START SOURCE MATERIAL

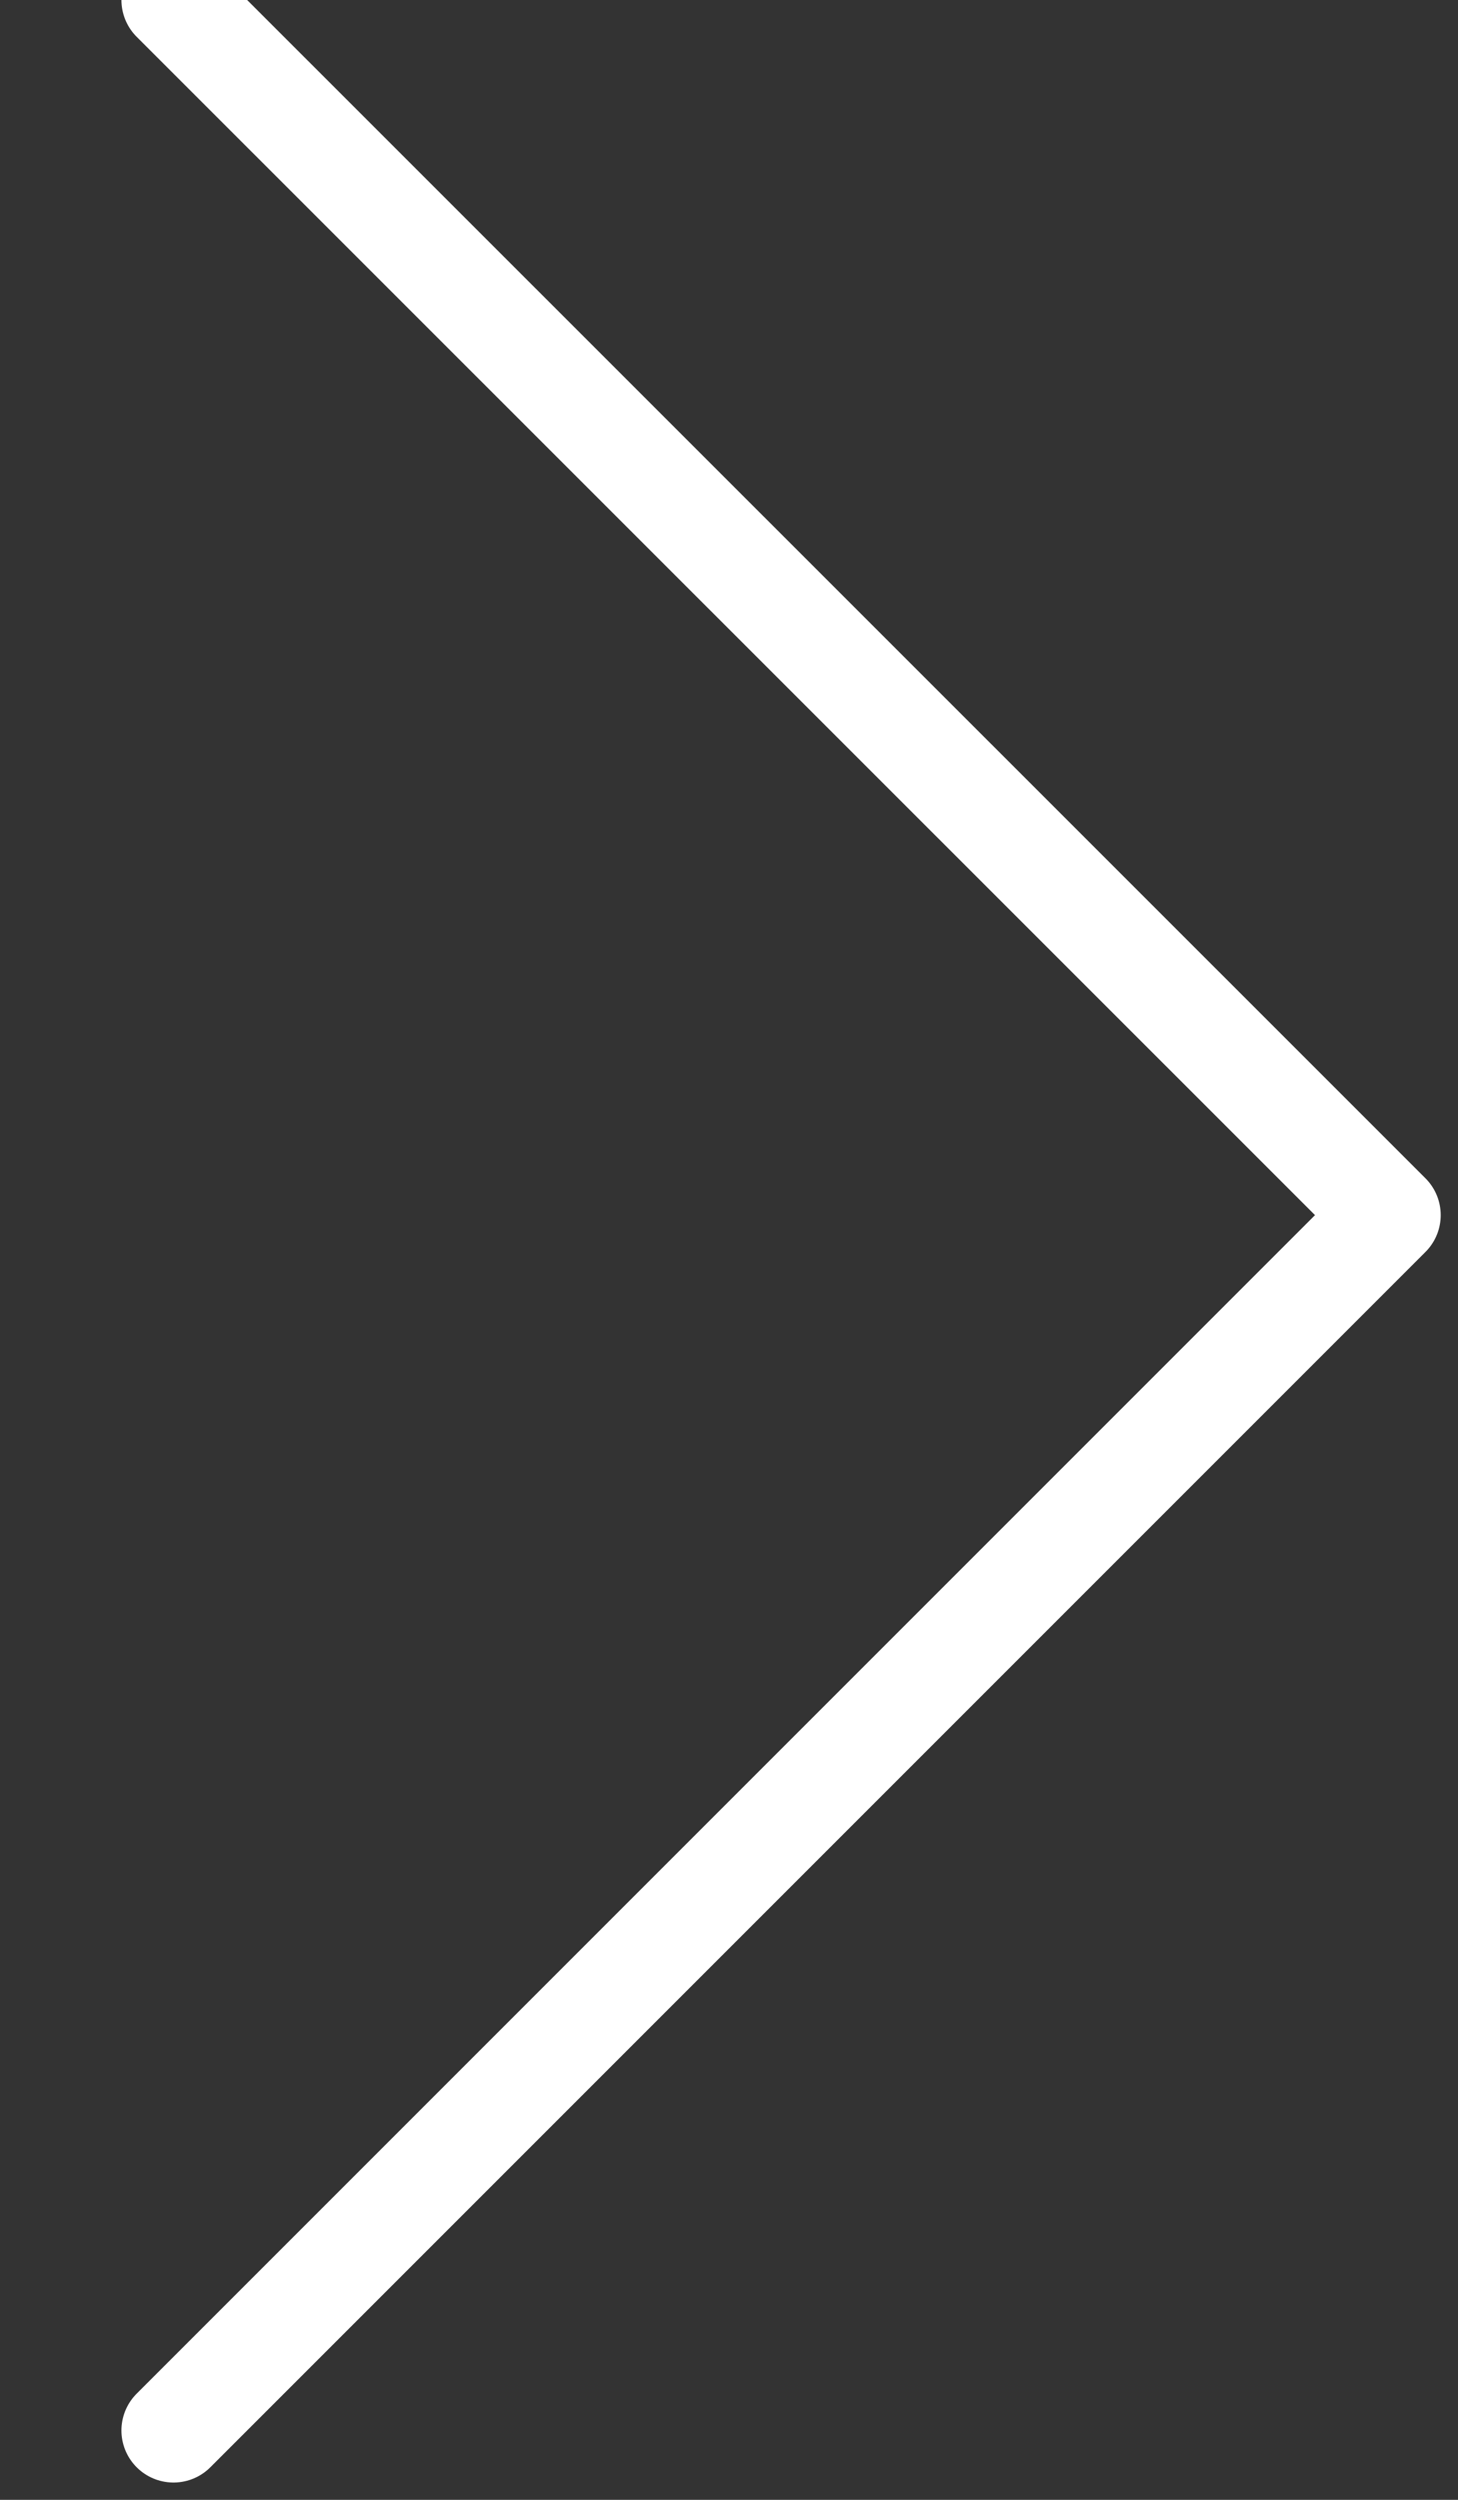 <?xml version="1.0" encoding="UTF-8"?>
<svg width="7px" height="12px" viewBox="0 0 7 12" version="1.1" xmlns="http://www.w3.org/2000/svg" xmlns:xlink="http://www.w3.org/1999/xlink">
    <rect x="0" y="0" width="7" height="12" fill="#333333" stroke="none"/>
    <title>Path</title>
    <g id="Page-1" stroke="none" stroke-width="1" fill="none" fill-rule="evenodd" stroke-linecap="round" stroke-linejoin="round">
        <g id="MODELO" transform="translate(-1087, -84)" stroke="#FFFFFF" stroke-width="0.5">
            <g id="Group-2" transform="translate(153, 15)">
                <g id="Botão-Copy" transform="translate(757, 56)">
                    <polyline id="Path" points="177.833 13 183.667 18.833 177.833 24.667"></polyline>
                </g>
            </g>
        </g>
    </g>
</svg>

END SOURCE MATERIAL

Copy every record character for character. Skip the pictures.

 <?xml version="1.0" encoding="UTF-8"?>
<svg width="7px" height="12px" viewBox="0 0 7 12" version="1.1" xmlns="http://www.w3.org/2000/svg" xmlns:xlink="http://www.w3.org/1999/xlink">
    <rect x="0" y="0" width="7" height="12" fill="#333333" stroke="none"/>
    <title>Path</title>
    <g id="Page-1" stroke="none" stroke-width="1" fill="none" fill-rule="evenodd" stroke-linecap="round" stroke-linejoin="round">
        <g id="MODELO" transform="translate(-1087, -84)" stroke="#FFFFFF" stroke-width="0.5">
            <g id="Group-2" transform="translate(153, 15)">
                <g id="Botão-Copy" transform="translate(757, 56)">
                    <polyline id="Path" points="177.833 13 183.667 18.833 177.833 24.667"></polyline>
                </g>
            </g>
        </g>
    </g>
</svg>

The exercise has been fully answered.